THE PROBLEM: Every line from the first one in the data below through the line holding "forward and left)." is to be written out exactly, with the pictures omitted.

EXERCISE DATA:
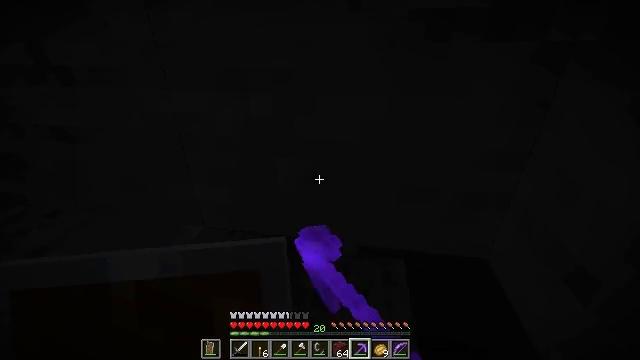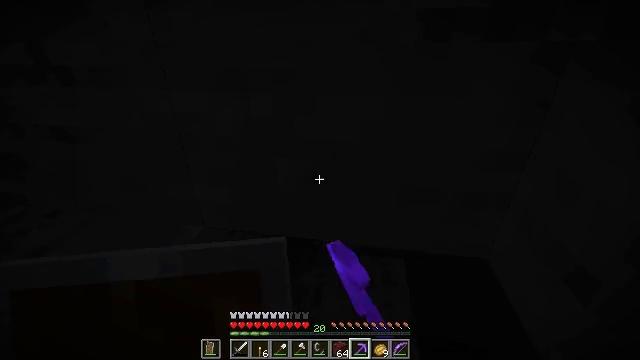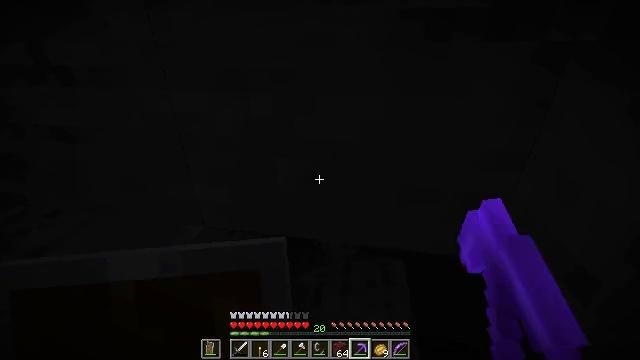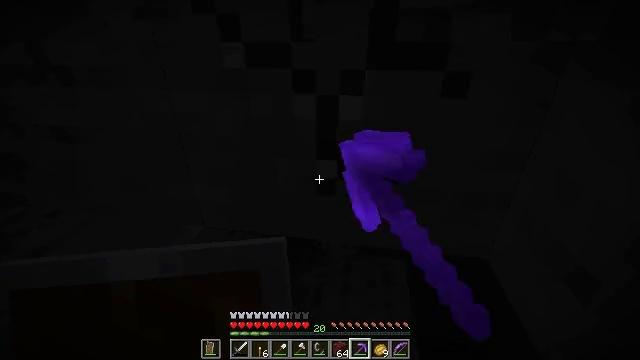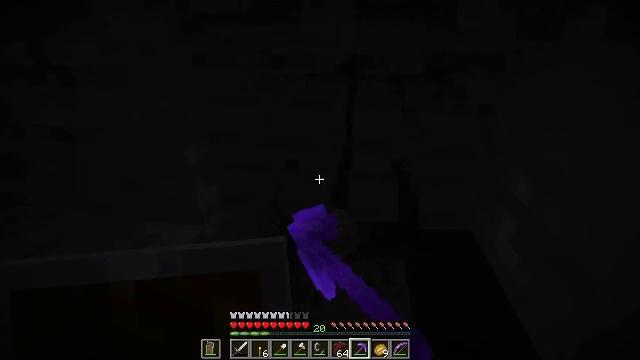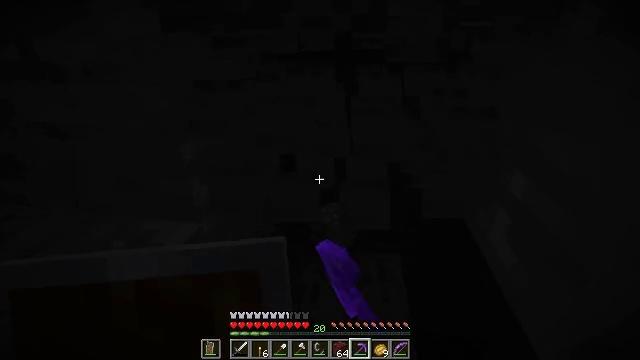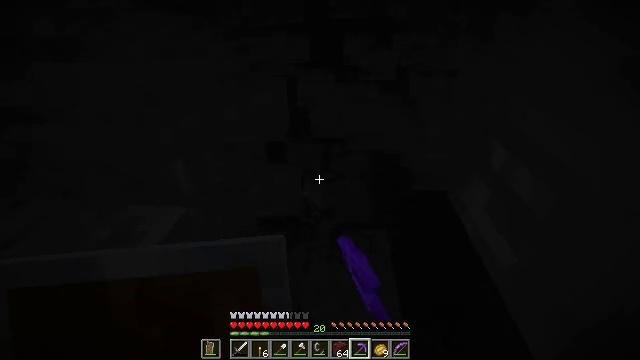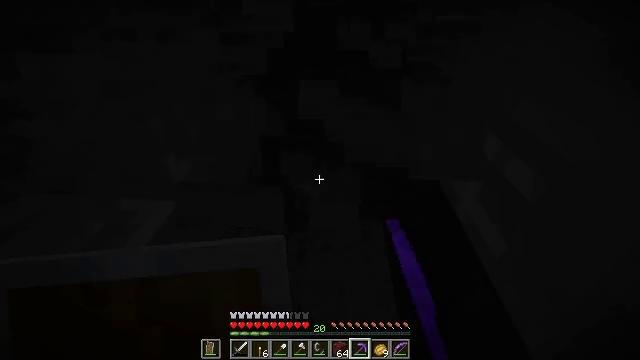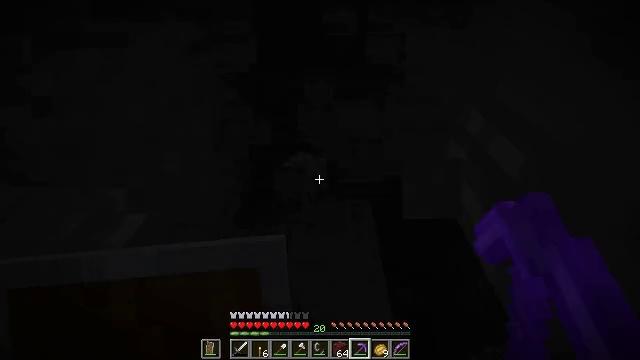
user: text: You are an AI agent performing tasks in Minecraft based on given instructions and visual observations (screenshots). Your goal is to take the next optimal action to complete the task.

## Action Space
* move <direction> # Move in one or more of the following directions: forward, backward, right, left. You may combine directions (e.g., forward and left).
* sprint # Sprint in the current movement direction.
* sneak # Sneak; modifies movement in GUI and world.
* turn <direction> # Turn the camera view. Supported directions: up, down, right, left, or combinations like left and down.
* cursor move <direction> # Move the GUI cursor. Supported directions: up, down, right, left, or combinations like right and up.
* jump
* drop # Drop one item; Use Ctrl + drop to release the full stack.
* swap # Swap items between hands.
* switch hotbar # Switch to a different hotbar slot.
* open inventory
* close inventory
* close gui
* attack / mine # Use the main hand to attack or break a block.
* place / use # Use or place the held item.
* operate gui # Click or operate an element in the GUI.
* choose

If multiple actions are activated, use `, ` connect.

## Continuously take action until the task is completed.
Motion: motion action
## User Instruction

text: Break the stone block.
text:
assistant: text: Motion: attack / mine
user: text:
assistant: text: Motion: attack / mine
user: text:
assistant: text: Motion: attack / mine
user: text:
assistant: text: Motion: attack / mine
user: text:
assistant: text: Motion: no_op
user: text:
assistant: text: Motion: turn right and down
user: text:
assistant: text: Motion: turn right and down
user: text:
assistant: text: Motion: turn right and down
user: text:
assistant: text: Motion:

SOLUTION FOR THIS TASK:
user: text: You are an AI agent performing tasks in Minecraft based on given instructions and visual observations (screenshots). Your goal is to take the next optimal action to complete the task.

## Action Space
* move <direction> # Move in one or more of the following directions: forward, backward, right, left. You may combine directions (e.g., forward and left).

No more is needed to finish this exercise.